You'll notice a substantially better texture and more concentrated flavor; wet brining tends to introduce too much water weight which dilutes the flavor of the meat (water has no flavor) as well as making the texture generally not as favorable compared to the dry brine method.

Not to mention there's no big mess with a bunch of water and what not with the dry brine method.

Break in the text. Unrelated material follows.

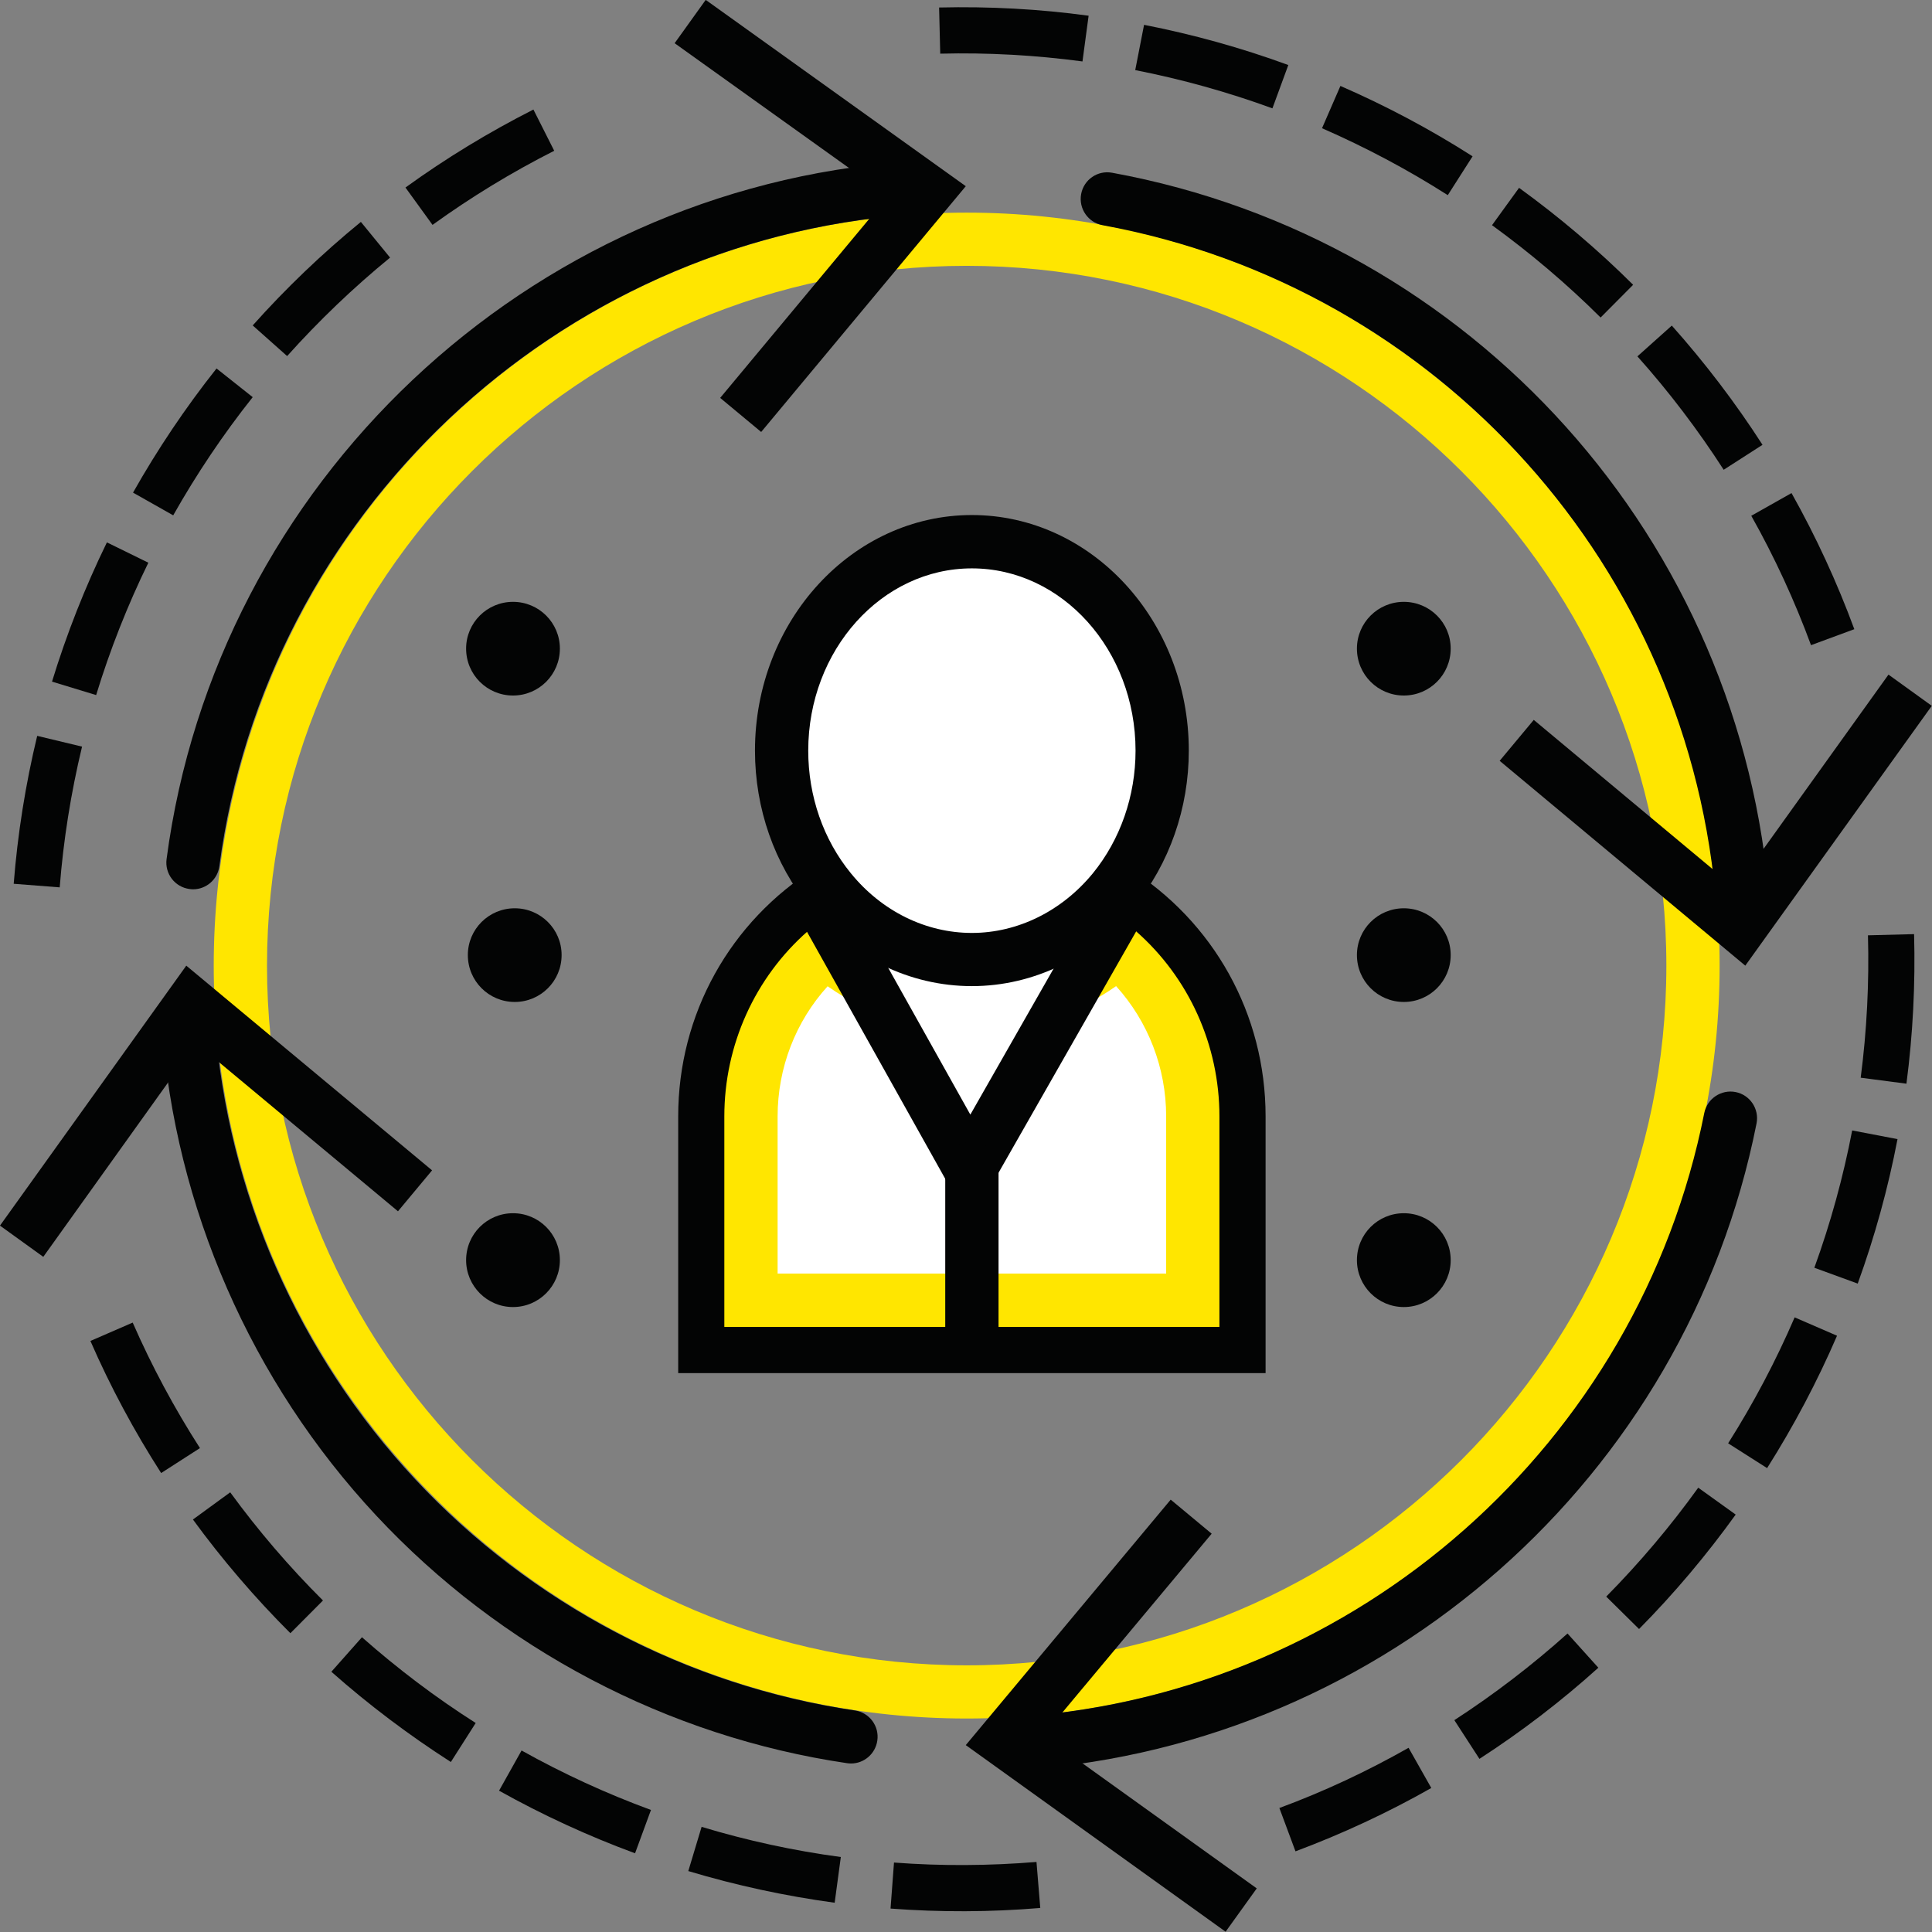 <?xml version="1.0" encoding="UTF-8" standalone="no"?> <svg xmlns="http://www.w3.org/2000/svg" xmlns:xlink="http://www.w3.org/1999/xlink" xmlns:serif="http://www.serif.com/" width="100%" height="100%" viewBox="0 0 5906 5906" version="1.1" xml:space="preserve" style="fill-rule:evenodd;clip-rule:evenodd;stroke-linejoin:round;stroke-miterlimit:2;"><rect x="0" y="0" width="5906" height="5906" fill="#808080" stroke="none"/> <g transform="matrix(45.673,0,0,45.673,-19889.4,-47308)"> <path d="M518.396,1110.52L518.396,1125.91L482.648,1125.91L482.648,1110.52C482.648,1104.13 485.996,1098.53 491.049,1095.38C493.371,1098.23 496.756,1100.02 500.523,1100.02C504.278,1100.02 507.663,1098.23 509.998,1095.38C515.05,1098.53 518.396,1104.13 518.396,1110.52Z" style="fill:white;fill-rule:nonzero;"></path> </g> <g transform="matrix(45.673,0,0,45.673,-19889.4,-47308)"> <path d="M500.175,1053.59C474.353,1053.59 453.345,1074.6 453.345,1100.43C453.345,1126.25 474.353,1147.26 500.175,1147.26C525.997,1147.26 547.005,1126.25 547.005,1100.43C547.005,1074.6 525.997,1053.59 500.175,1053.59ZM500.175,1150.82C472.387,1150.82 449.779,1128.21 449.779,1100.43C449.779,1072.64 472.387,1050.03 500.175,1050.03C527.963,1050.03 550.57,1072.64 550.57,1100.43C550.57,1128.21 527.963,1150.82 500.175,1150.82Z" style="fill:rgb(255,230,0);fill-rule:nonzero;"></path> </g> <g transform="matrix(45.673,0,0,45.673,-19889.4,-47308)"> <path d="M484.432,1124.13L516.615,1124.13L516.615,1110.52C516.615,1105.43 514.268,1100.75 510.268,1097.72C507.61,1100.33 504.138,1101.8 500.523,1101.8C496.898,1101.8 493.426,1100.33 490.777,1097.72C486.778,1100.75 484.432,1105.43 484.432,1110.52L484.432,1124.13ZM520.181,1127.7L480.866,1127.7L480.866,1110.52C480.866,1103.7 484.32,1097.47 490.105,1093.86L491.439,1093.03L492.432,1094.25C494.494,1096.79 497.443,1098.24 500.523,1098.24C503.592,1098.24 506.543,1096.78 508.619,1094.25L509.611,1093.03L510.941,1093.86C516.727,1097.47 520.181,1103.7 520.181,1110.52L520.181,1127.7Z" style="fill:rgb(3,4,4);fill-rule:nonzero;"></path> </g> <g transform="matrix(45.673,0,0,45.673,-19889.4,-47308)"> <path d="M487.52,1121.04L513.526,1121.04L513.526,1110.52C513.526,1107.27 512.32,1104.17 510.176,1101.8C507.32,1103.8 503.948,1104.89 500.523,1104.89C497.092,1104.89 493.719,1103.81 490.867,1101.81C488.725,1104.17 487.52,1107.27 487.52,1110.52L487.52,1121.04ZM517.091,1124.61L483.954,1124.61L483.954,1110.52C483.954,1105.75 485.994,1101.23 489.552,1098.11L490.71,1097.09L491.883,1098.09C494.334,1100.18 497.402,1101.33 500.523,1101.33C503.637,1101.33 506.704,1100.18 509.162,1098.09L510.334,1097.09L511.491,1098.11C515.051,1101.23 517.091,1105.75 517.091,1110.52L517.091,1124.61Z" style="fill:rgb(255,230,0);fill-rule:nonzero;"></path> </g> <g transform="matrix(45.673,0,0,45.673,-19889.4,-47308)"> <path d="M510.849,1095.95L500.411,1114.02L490.158,1095.97C490.442,1095.76 490.738,1095.56 491.048,1095.38C493.37,1098.23 496.755,1100.02 500.522,1100.02C504.277,1100.02 507.662,1098.23 509.997,1095.38C510.293,1095.56 510.577,1095.75 510.849,1095.95Z" style="fill:white;fill-rule:nonzero;"></path> </g> <g transform="matrix(45.673,0,0,45.673,-19889.4,-47308)"> <path d="M500.391,1117.65L489.418,1098.04C488.938,1097.18 489.244,1096.1 490.104,1095.61C490.961,1095.13 492.049,1095.44 492.529,1096.3L500.42,1110.4L509.219,1094.97C509.705,1094.12 510.795,1093.82 511.65,1094.31C512.505,1094.79 512.802,1095.88 512.315,1096.74L500.391,1117.65Z" style="fill:rgb(3,4,4);fill-rule:nonzero;"></path> </g> <g transform="matrix(45.673,0,0,45.673,-19889.4,-47308)"> <path d="M500.523,1127.59C499.539,1127.59 498.74,1126.79 498.74,1125.81L498.74,1114.02C498.74,1113.04 499.539,1112.24 500.523,1112.24C501.508,1112.24 502.307,1113.04 502.307,1114.02L502.307,1125.81C502.307,1126.79 501.508,1127.59 500.523,1127.59Z" style="fill:rgb(3,4,4);fill-rule:nonzero;"></path> </g> <g transform="matrix(45.673,0,0,45.673,-19889.4,-47308)"> <path d="M448.393,1095.32C448.314,1095.32 448.235,1095.31 448.156,1095.3C447.18,1095.17 446.494,1094.28 446.623,1093.3C449.949,1068.11 470.766,1048.47 496.119,1046.62C497.102,1046.54 497.955,1047.28 498.027,1048.27C498.1,1049.25 497.361,1050.1 496.381,1050.17C472.703,1051.91 453.264,1070.24 450.156,1093.77C450.039,1094.67 449.272,1095.32 448.393,1095.32Z" style="fill:rgb(3,4,4);fill-rule:nonzero;"></path> </g> <g transform="matrix(45.673,0,0,45.673,-19889.4,-47308)"> <path d="M486.42,1064.71L483.676,1062.43L494.924,1048.92L480.628,1038.69L482.708,1035.79L500.115,1048.26L486.42,1064.71Z" style="fill:rgb(3,4,4);fill-rule:nonzero;"></path> </g> <g transform="matrix(45.673,0,0,45.673,-19889.4,-47308)"> <path d="M492.433,1153.83C492.346,1153.83 492.258,1153.82 492.17,1153.81C480.164,1152.04 468.971,1146.15 460.65,1137.23C452.29,1128.27 447.193,1116.62 446.301,1104.43C446.229,1103.44 446.967,1102.59 447.949,1102.52C448.932,1102.45 449.785,1103.18 449.857,1104.17C450.69,1115.55 455.449,1126.43 463.258,1134.8C471.029,1143.13 481.481,1148.63 492.69,1150.28C493.664,1150.42 494.338,1151.33 494.193,1152.3C494.063,1153.19 493.302,1153.83 492.433,1153.83Z" style="fill:rgb(3,4,4);fill-rule:nonzero;"></path> </g> <g transform="matrix(45.673,0,0,45.673,-19889.4,-47308)"> <path d="M464.393,1114.13L462.111,1116.87L448.606,1105.62L438.371,1119.92L435.472,1117.83L447.942,1100.43L464.393,1114.13Z" style="fill:rgb(3,4,4);fill-rule:nonzero;"></path> </g> <g transform="matrix(45.673,0,0,45.673,-19889.4,-47308)"> <path d="M503.979,1154.25C503.053,1154.25 502.271,1153.53 502.202,1152.6C502.131,1151.61 502.868,1150.76 503.85,1150.69C526.362,1149.04 545.152,1132.43 549.543,1110.29C549.735,1109.33 550.68,1108.7 551.639,1108.89C552.604,1109.08 553.232,1110.02 553.041,1110.99C548.338,1134.69 528.217,1152.48 504.11,1154.24C504.066,1154.25 504.021,1154.25 503.979,1154.25Z" style="fill:rgb(3,4,4);fill-rule:nonzero;"></path> </g> <g transform="matrix(45.673,0,0,45.673,-19889.4,-47308)"> <path d="M513.83,1136.17L516.572,1138.45L505.307,1151.94L519.59,1162.19L517.505,1165.09L500.114,1152.6L513.83,1136.17Z" style="fill:rgb(3,4,4);fill-rule:nonzero;"></path> </g> <g transform="matrix(45.673,0,0,45.673,-19889.4,-47308)"> <path d="M552.148,1098.35C551.223,1098.35 550.441,1097.63 550.372,1096.7C548.699,1073.84 531.797,1055 509.267,1050.87C508.299,1050.69 507.658,1049.76 507.835,1048.79C508.013,1047.82 508.938,1047.18 509.91,1047.36C534.035,1051.78 552.137,1071.96 553.928,1096.44C554,1097.42 553.262,1098.27 552.279,1098.34C552.236,1098.35 552.191,1098.35 552.148,1098.35Z" style="fill:rgb(3,4,4);fill-rule:nonzero;"></path> </g> <g transform="matrix(45.673,0,0,45.673,-19889.4,-47308)"> <path d="M535.847,1086.72L538.13,1083.98L551.626,1095.24L561.872,1080.95L564.77,1083.04L552.288,1100.43L535.847,1086.72Z" style="fill:rgb(3,4,4);fill-rule:nonzero;"></path> </g> <g transform="matrix(45.673,0,0,45.673,-19889.4,-47308)"> <path d="M532.57,1120.14C532.57,1118.4 531.165,1117 529.433,1117C527.699,1117 526.294,1118.4 526.294,1120.14C526.294,1121.87 527.699,1123.28 529.433,1123.28C531.165,1123.28 532.57,1121.87 532.57,1120.14Z" style="fill:rgb(3,4,4);fill-rule:nonzero;"></path> </g> <g transform="matrix(45.673,0,0,45.673,-19889.4,-47308)"> <path d="M532.57,1099.72C532.57,1097.99 531.165,1096.59 529.433,1096.59C527.699,1096.59 526.294,1097.99 526.294,1099.72C526.294,1101.46 527.699,1102.86 529.433,1102.86C531.165,1102.86 532.57,1101.46 532.57,1099.72Z" style="fill:rgb(3,4,4);fill-rule:nonzero;"></path> </g> <g transform="matrix(45.673,0,0,45.673,-19889.4,-47308)"> <path d="M473.063,1099.72C473.063,1097.99 471.658,1096.59 469.926,1096.59C468.192,1096.59 466.787,1097.99 466.787,1099.72C466.787,1101.46 468.192,1102.86 469.926,1102.86C471.658,1102.86 473.063,1101.46 473.063,1099.72Z" style="fill:rgb(3,4,4);fill-rule:nonzero;"></path> </g> <g transform="matrix(45.673,0,0,45.673,-19889.4,-47308)"> <path d="M532.57,1079.21C532.57,1077.48 531.165,1076.08 529.433,1076.08C527.699,1076.08 526.294,1077.48 526.294,1079.21C526.294,1080.95 527.699,1082.35 529.433,1082.35C531.165,1082.35 532.57,1080.95 532.57,1079.21Z" style="fill:rgb(3,4,4);fill-rule:nonzero;"></path> </g> <g transform="matrix(45.673,0,0,45.673,-19889.4,-47308)"> <path d="M472.947,1120.14C472.947,1118.4 471.542,1117 469.809,1117C468.075,1117 466.671,1118.4 466.671,1120.14C466.671,1121.87 468.075,1123.28 469.809,1123.28C471.542,1123.28 472.947,1121.87 472.947,1120.14Z" style="fill:rgb(3,4,4);fill-rule:nonzero;"></path> </g> <g transform="matrix(45.673,0,0,45.673,-19889.4,-47308)"> <path d="M472.947,1079.21C472.947,1077.48 471.542,1076.08 469.809,1076.08C468.075,1076.08 466.671,1077.48 466.671,1079.21C466.671,1080.95 468.075,1082.35 469.809,1082.35C471.542,1082.35 472.947,1080.95 472.947,1079.21Z" style="fill:rgb(3,4,4);fill-rule:nonzero;"></path> </g> <g transform="matrix(45.673,0,0,45.673,-19889.4,-47308)"> <path d="M507.925,1039.91C504.786,1039.49 501.583,1039.31 498.405,1039.39L498.329,1036.3C501.67,1036.22 505.036,1036.4 508.336,1036.85L507.925,1039.91ZM520.638,1043.05C517.656,1041.96 514.565,1041.1 511.456,1040.49L512.047,1037.46C515.318,1038.1 518.565,1039 521.702,1040.15L520.638,1043.05ZM464.423,1050.85L462.612,1048.35C465.319,1046.39 468.2,1044.64 471.176,1043.13L472.568,1045.89C469.738,1047.32 466.998,1048.99 464.423,1050.85ZM532.375,1048.86C529.695,1047.15 526.864,1045.65 523.958,1044.38L525.189,1041.55C528.244,1042.88 531.22,1044.46 534.035,1046.26L532.375,1048.86ZM454.692,1059.63L452.388,1057.58C454.609,1055.09 457.046,1052.76 459.628,1050.65L461.582,1053.04C459.124,1055.05 456.807,1057.27 454.692,1059.63ZM542.604,1057.05C540.354,1054.81 537.909,1052.74 535.336,1050.87L537.146,1048.37C539.85,1050.33 542.419,1052.51 544.781,1054.86L542.604,1057.05ZM447.067,1070.29L444.378,1068.77C446.015,1065.87 447.896,1063.07 449.967,1060.46L452.388,1062.38C450.416,1064.86 448.626,1067.53 447.067,1070.29ZM550.842,1067.24C549.128,1064.58 547.186,1062.02 545.067,1059.65L547.37,1057.59C549.596,1060.09 551.639,1062.77 553.44,1065.57L550.842,1067.24ZM441.909,1082.32L438.955,1081.42C439.928,1078.24 441.163,1075.1 442.629,1072.1L445.403,1073.46C444.01,1076.31 442.834,1079.29 441.909,1082.32ZM556.687,1078.98C555.59,1076 554.244,1073.08 552.688,1070.32L555.382,1068.8C557.017,1071.71 558.432,1074.78 559.585,1077.91L556.687,1078.98ZM439.47,1095.19L436.391,1094.95C436.652,1091.62 437.182,1088.29 437.964,1085.05L440.966,1085.77C440.222,1088.86 439.718,1092.02 439.47,1095.19ZM563.074,1108.33L560.012,1107.93C560.422,1104.79 560.585,1101.58 560.498,1098.4L563.585,1098.32C563.677,1101.66 563.505,1105.03 563.074,1108.33ZM559.813,1121.71L556.91,1120.65C557.993,1117.67 558.845,1114.57 559.442,1111.46L562.476,1112.04C561.848,1115.32 560.952,1118.57 559.813,1121.71ZM446.26,1134.39C444.454,1131.58 442.861,1128.61 441.525,1125.55L444.355,1124.32C445.626,1127.22 447.141,1130.05 448.857,1132.72L446.26,1134.39ZM553.748,1134.06L551.14,1132.4C552.838,1129.72 554.337,1126.88 555.591,1123.97L558.428,1125.2C557.108,1128.26 555.533,1131.24 553.748,1134.06ZM454.91,1145.11C452.545,1142.75 450.351,1140.19 448.387,1137.5L450.882,1135.68C452.75,1138.24 454.84,1140.68 457.091,1142.92L454.91,1145.11ZM545.177,1144.83L542.98,1142.66C545.212,1140.4 547.283,1137.95 549.138,1135.37L551.645,1137.17C549.696,1139.88 547.521,1142.46 545.177,1144.83ZM465.65,1153.73C462.841,1151.93 460.15,1149.9 457.652,1147.69L459.7,1145.38C462.077,1147.48 464.638,1149.42 467.313,1151.12L465.65,1153.73ZM534.494,1153.52L532.815,1150.93C535.478,1149.2 538.026,1147.25 540.389,1145.13L542.453,1147.42C539.971,1149.66 537.293,1151.71 534.494,1153.52ZM477.979,1159.84C474.855,1158.69 471.792,1157.28 468.876,1155.65L470.383,1152.96C473.157,1154.51 476.071,1155.85 479.044,1156.94L477.979,1159.84ZM522.182,1159.71L521.104,1156.81C524.078,1155.71 526.986,1154.35 529.751,1152.78L531.272,1155.47C528.367,1157.12 525.309,1158.54 522.182,1159.71ZM491.339,1163.15C488.033,1162.7 484.737,1161.99 481.542,1161.03L482.433,1158.07C485.472,1158.99 488.607,1159.67 491.751,1160.09L491.339,1163.15ZM505.1,1163.5C501.762,1163.78 498.391,1163.79 495.079,1163.54L495.31,1160.46C498.461,1160.7 501.67,1160.68 504.847,1160.42L505.1,1163.5Z" style="fill:rgb(3,4,4);fill-rule:nonzero;"></path> </g> <g transform="matrix(45.673,0,0,45.673,-19889.4,-47308)"> <path d="M513.258,1086.04C513.258,1089.63 512.023,1092.89 509.998,1095.38C507.663,1098.23 504.278,1100.02 500.523,1100.02C496.756,1100.02 493.371,1098.23 491.049,1095.38C489.011,1092.89 487.787,1089.63 487.787,1086.04C487.787,1078.3 493.482,1072.05 500.523,1072.05C507.552,1072.05 513.258,1078.3 513.258,1086.04Z" style="fill:white;fill-rule:nonzero;"></path> </g> <g transform="matrix(45.673,0,0,45.673,-19889.4,-47308)"> <path d="M500.523,1073.84C494.484,1073.84 489.57,1079.31 489.57,1086.04C489.57,1089.09 490.584,1092 492.426,1094.25C494.494,1096.79 497.443,1098.24 500.523,1098.24C503.592,1098.24 506.543,1096.78 508.619,1094.25C510.461,1091.99 511.477,1089.07 511.477,1086.04C511.477,1079.31 506.563,1073.84 500.523,1073.84ZM500.523,1101.8C496.365,1101.8 492.408,1099.87 489.666,1096.5C487.307,1093.63 486.005,1089.91 486.005,1086.04C486.005,1077.34 492.518,1070.27 500.523,1070.27C508.529,1070.27 515.042,1077.34 515.042,1086.04C515.042,1089.89 513.741,1093.61 511.379,1096.5C508.622,1099.87 504.666,1101.8 500.523,1101.8Z" style="fill:rgb(3,4,4);fill-rule:nonzero;"></path> </g> </svg>

Lastly, volatile flavor molecules are generally too large to filter through muscle fibers and cell membranes in brining, so adding things like peppercorns, herbs, other spices, etc. to the brine (wet or dry) is literally a waste.  And that's assuming they're water-soluble which many aren't, especially without heat.  Save the extra flavors for seasoning before cooking.


----------



## Chef Maloney (Dec 2, 2012)

Thank you no mayonaise for that info. I appreciate it much


----------



## no mayonnaise (Dec 2, 2012)

Oh yeah and if you're brining with any method hold back on the salt when seasoning before you cook it.  Same if you use the drippings for gravy; the chicken is absorbing salt molecules into the meat so the drippings and meat with both be seasoned with salt already.  You can always add more salt later if needed since it's not a heat-dependent flavorant.

If you're brining whole chicken I'd recommend the spatchcock method and either grilling, smoking, or roasting it.  Spatchcocking will reduce cook time and result in a more moist chicken.


----------



## jennyema (Dec 2, 2012)

STANDING, WAVING HANDS AND SHOUTING!!

Try this recipe (skip the bread salad if you want to).  It's AWESOME!!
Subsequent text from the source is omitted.